Write each line below back out exactly, omitting its pictures.

** Saved data entries **
BEGIN

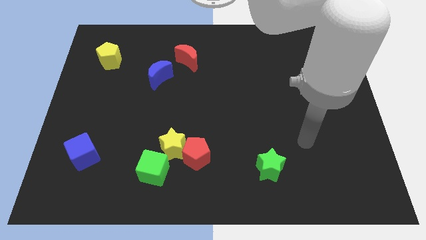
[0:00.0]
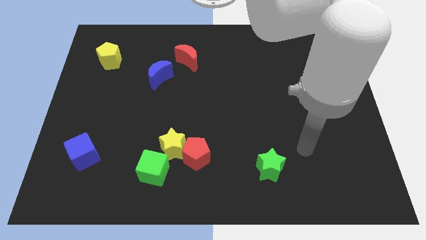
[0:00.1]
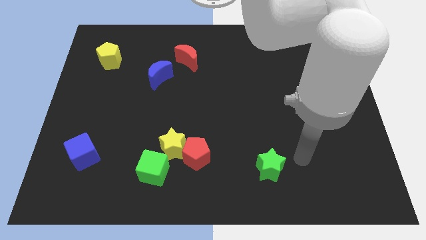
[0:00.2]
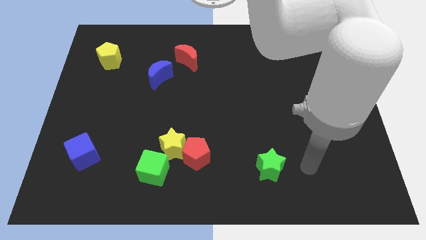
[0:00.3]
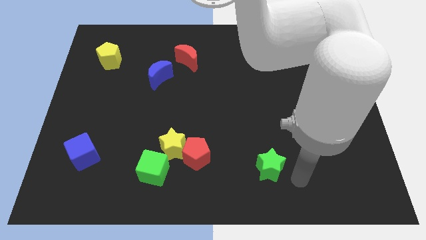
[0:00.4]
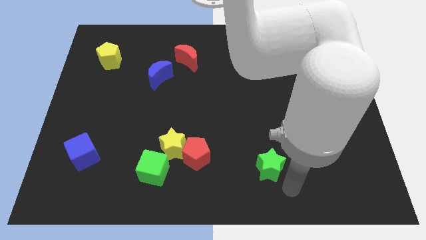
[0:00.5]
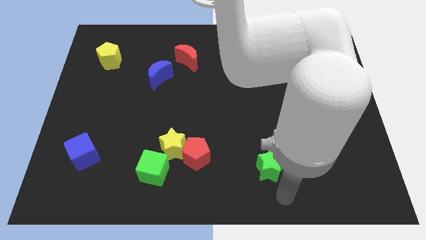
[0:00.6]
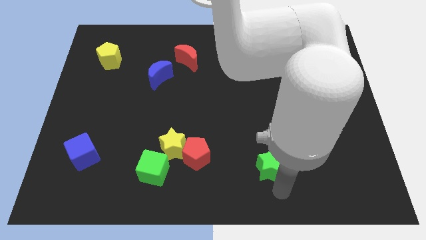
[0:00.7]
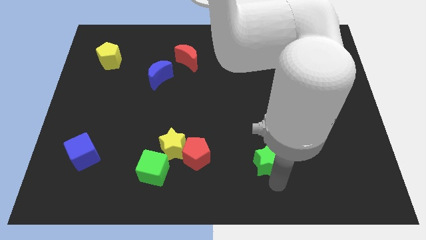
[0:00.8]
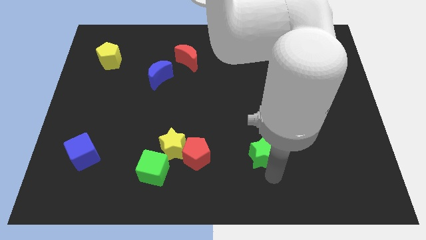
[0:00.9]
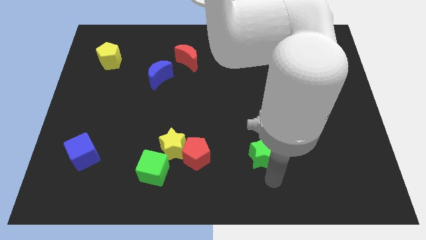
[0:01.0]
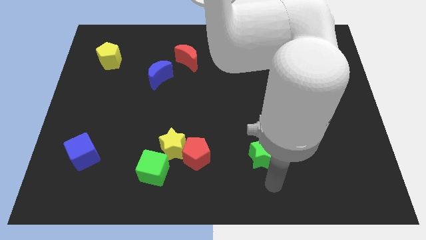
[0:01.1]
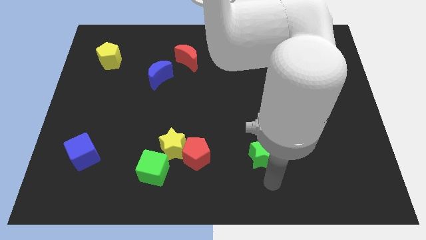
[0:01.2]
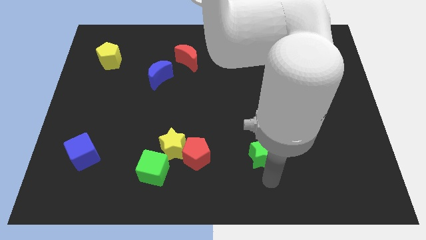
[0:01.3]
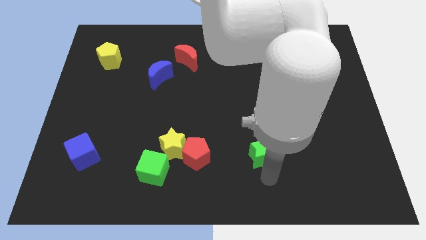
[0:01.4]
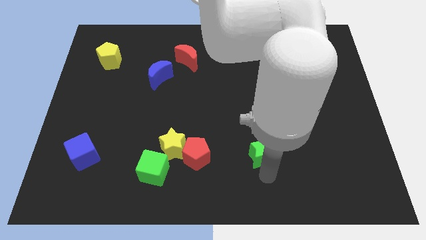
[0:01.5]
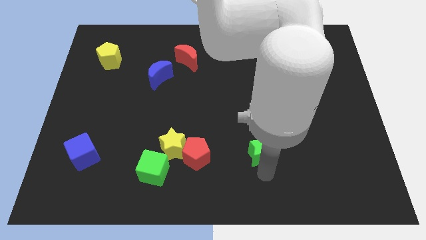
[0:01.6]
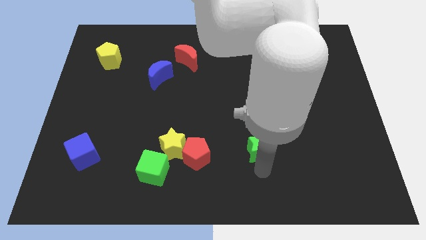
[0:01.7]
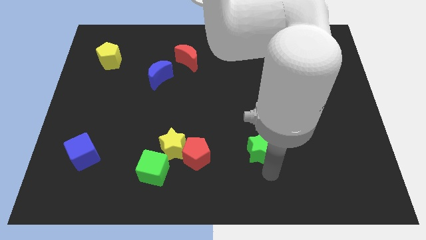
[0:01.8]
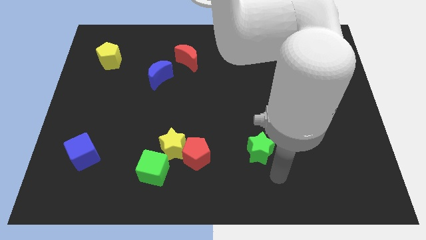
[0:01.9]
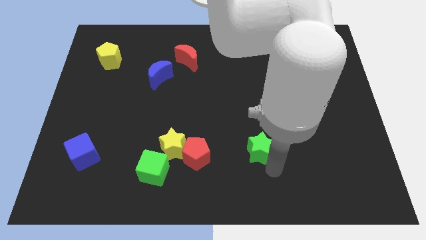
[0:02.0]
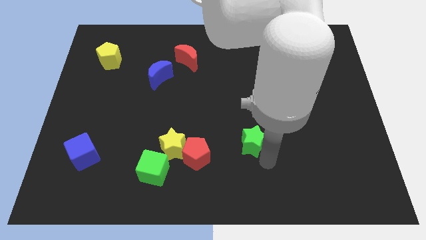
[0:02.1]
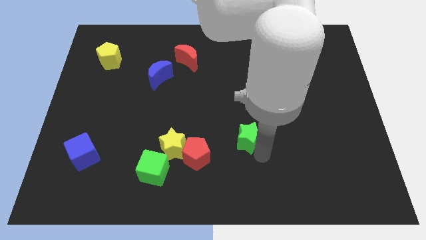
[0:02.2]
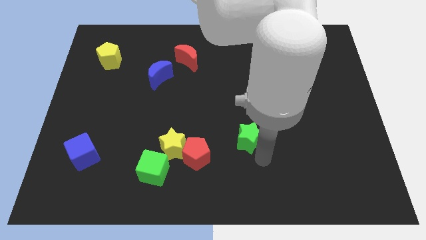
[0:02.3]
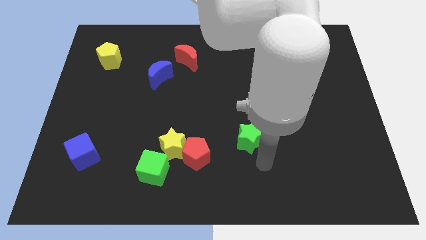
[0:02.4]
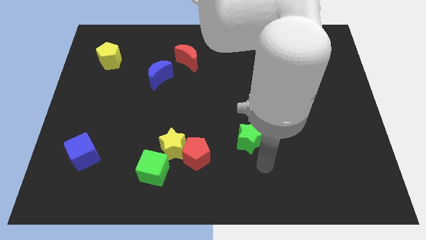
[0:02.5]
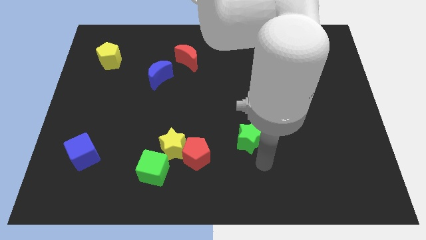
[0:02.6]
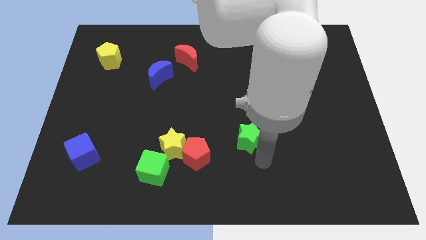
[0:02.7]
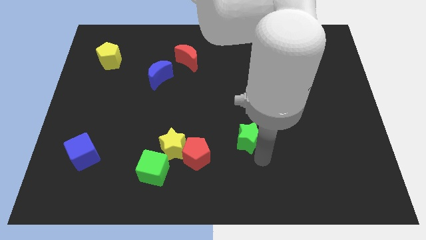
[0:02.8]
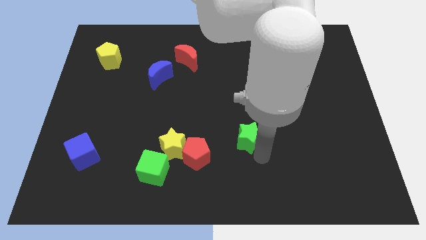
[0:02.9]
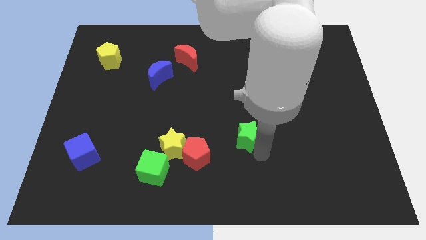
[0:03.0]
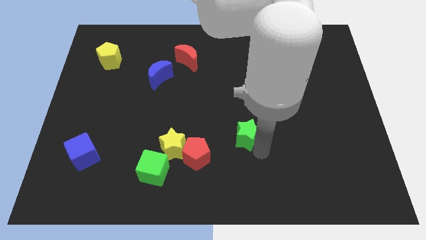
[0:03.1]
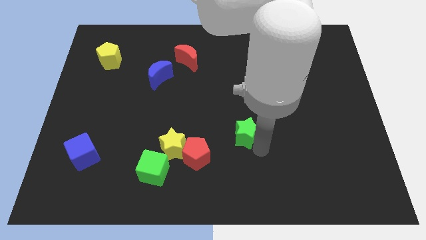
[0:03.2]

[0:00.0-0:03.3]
slide the green star to the center of the board

END

** OUTPUT OF THE EXERCISE **
[0:00.0]
[0:00.1]
[0:00.2]
[0:00.3]
[0:00.4]
[0:00.5]
[0:00.6]
[0:00.7]
[0:00.8]
[0:00.9]
[0:01.0]
[0:01.1]
[0:01.2]
[0:01.3]
[0:01.4]
[0:01.5]
[0:01.6]
[0:01.7]
[0:01.8]
[0:01.9]
[0:02.0]
[0:02.1]
[0:02.2]
[0:02.3]
[0:02.4]
[0:02.5]
[0:02.6]
[0:02.7]
[0:02.8]
[0:02.9]
[0:03.0]
[0:03.1]
[0:03.2]

[0:00.0-0:03.3]
slide the green star to the center of the board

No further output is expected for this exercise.